Cláudia Varejão havia prometido sereias, e à sua maneira entregou-nos através de um retrato antropológico das Ama-sans, uma comunidade milenar de mulheres pescadoras no Japão, hoje em vias de desaparecer pelo desuso da sua atividade.

Passados 4 anos, a realizadora regressa num projeto mais ambicioso que a mera documentação; uma busca pela cerne do afeto derradeiro conduzido sob o signo de Amor Fati (significa ‘amor ao destino‘). Numa pesquisa de dois anos, na sua terceira longa-metragem, a cineasta procurou histórias, casos, gestos e olhares que possam ser induzidos num retrato sobre a existência, amamos aquilo que iremos certo dia perder, assim como os que estão para ‘nascer’.
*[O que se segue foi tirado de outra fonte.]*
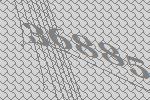
36885
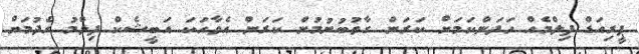
ޕީރިއަޑް ފިލްމެއް ހަދަންކަމަށް ކަރަން ގާތުބުނުމުން ކަރަން އެވާހަކަ އަބީޝެކް ފިލްމު ހެދުމަށް
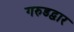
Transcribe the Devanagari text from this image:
गरुडद्वार
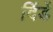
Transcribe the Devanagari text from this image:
दिंडें
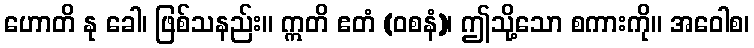
ဟောတိ နု ခေါ၊ ဖြစ်သနည်း။ ဣတိ ဧတံ (ဝစနံ)၊ ဤသို့သော စကားကို။ အဝေါစ၊
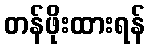
တန်ဖိုးထားရန်
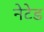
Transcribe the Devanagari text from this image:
नेटेड
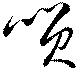
咲
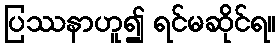
ပြဿနာဟူ၍ ရင်မဆိုင်ရ။
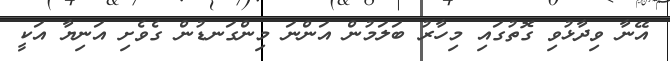
އޭނާ ވިދާޅުވި ގޮތުގައި މިހާރު ބަލަމުން އަންނަ މިންގަނޑުން ގެވެށި އަނިޔާ އަކީ
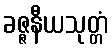
ခဇ္ဇနီယသုတ္တံ
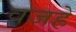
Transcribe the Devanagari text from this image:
वजहे
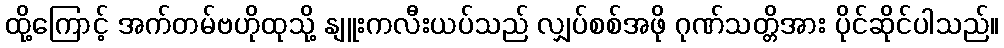
ထို့ကြောင့် အက်တမ်ဗဟိုထုသို့ နျူးကလီးယပ်သည် လျှပ်စစ်အဖို ဂုဏ်သတ္တိအား ပိုင်ဆိုင်ပါသည်။
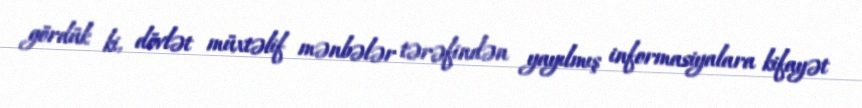
gördük ki, dövlət müxtəlif mənbələr tərəfindən yayılmış informasiyalara kifayət
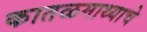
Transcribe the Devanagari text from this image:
कातळमाथ्याचे
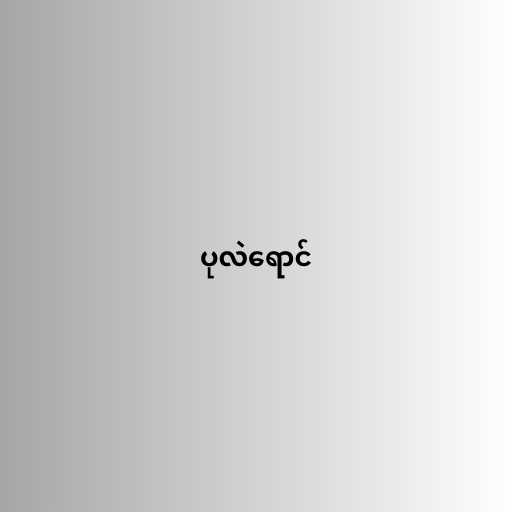
ပုလဲရောင်
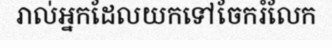
រាល់អ្នកដែលយកទៅចែករំលែក
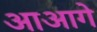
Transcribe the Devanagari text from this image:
आआगे
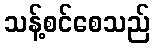
သန့်စင်စေသည်
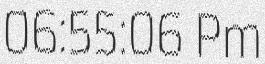
06:55:06 Pm
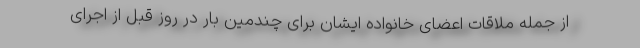
از جمله ملاقات اعضای خانواده ایشان برای چندمین بار در روز قبل از اجرای
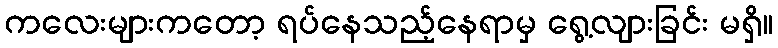
ကလေးများကတော့ ရပ်နေသည့်နေရာမှ ရွေ့လျားခြင်း မရှိ။
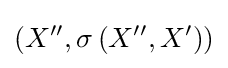
\left(X^{\prime \prime },\sigma \left(X^{\prime \prime },X^{\prime }\right)\right)
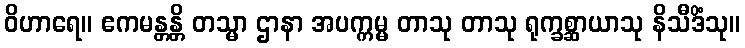
ဝိဟာရေ။ ဧကမန္တန္တိ တသ္မာ ဌာနာ အပက္ကမ္မ တာသု တာသု ရုက္ခစ္ဆာယာသု နိသီဒိံသု။
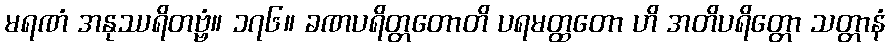
မရဏံ အနုဿရိတဗ္ဗံ။ ၁၇၆။ ခဏပရိတ္တတောတိ ပရမတ္ထတော ဟိ အတိပရိတ္တော သတ္တာနံ
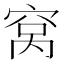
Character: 窝
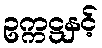
ဥက္ကဋ္ဌနှင့်
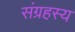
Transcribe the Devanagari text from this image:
संग्रहस्य
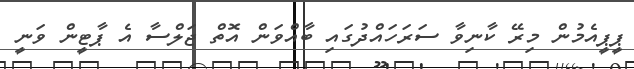
ޕީޕީއެމުން މިރޭ ކާނިވާ ސަރަހައްދުގައި ބާއްވަން އޮތް ޖަލްސާ އެ ޕާޓީން ވަނީ
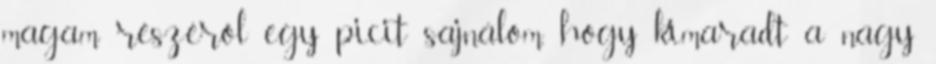
magam részéről egy picit sajnálom, hogy kimaradt a nagy

Em conversa, Varejão referiu e apontou a natureza do seu projeto e colocou em destaque ‘Amor Fati’ como o início dos tempos que aí seguem. Uma realidade pós-COVID19 e o futuro incerto do cinema português independente.

Segunda as suas notas de intenção, procurou por mais de dois anos, “histórias de amores inabaláveis que expressassem amor à primeira vista”. A minha questão prende-se a um filme concebido e idealizado por via da montagem. Como chegou até lá? E já agora, o que procurava ao certo nesta panóplia de histórias? Quais os requisitos?

O início das ideias são lugares incertos. Não posso definir, com rigor, quando terá começado a pesquisa para este filme, pois na verdade penso nele desde criança. Ou melhor, observo os encontros entre as pessoas com muita curiosidade desde que me conheço. E nessa atenção lembro-me de pensar, ainda pequena, que as pessoas que viviam em casal pareciam ter rostos e gestos semelhantes.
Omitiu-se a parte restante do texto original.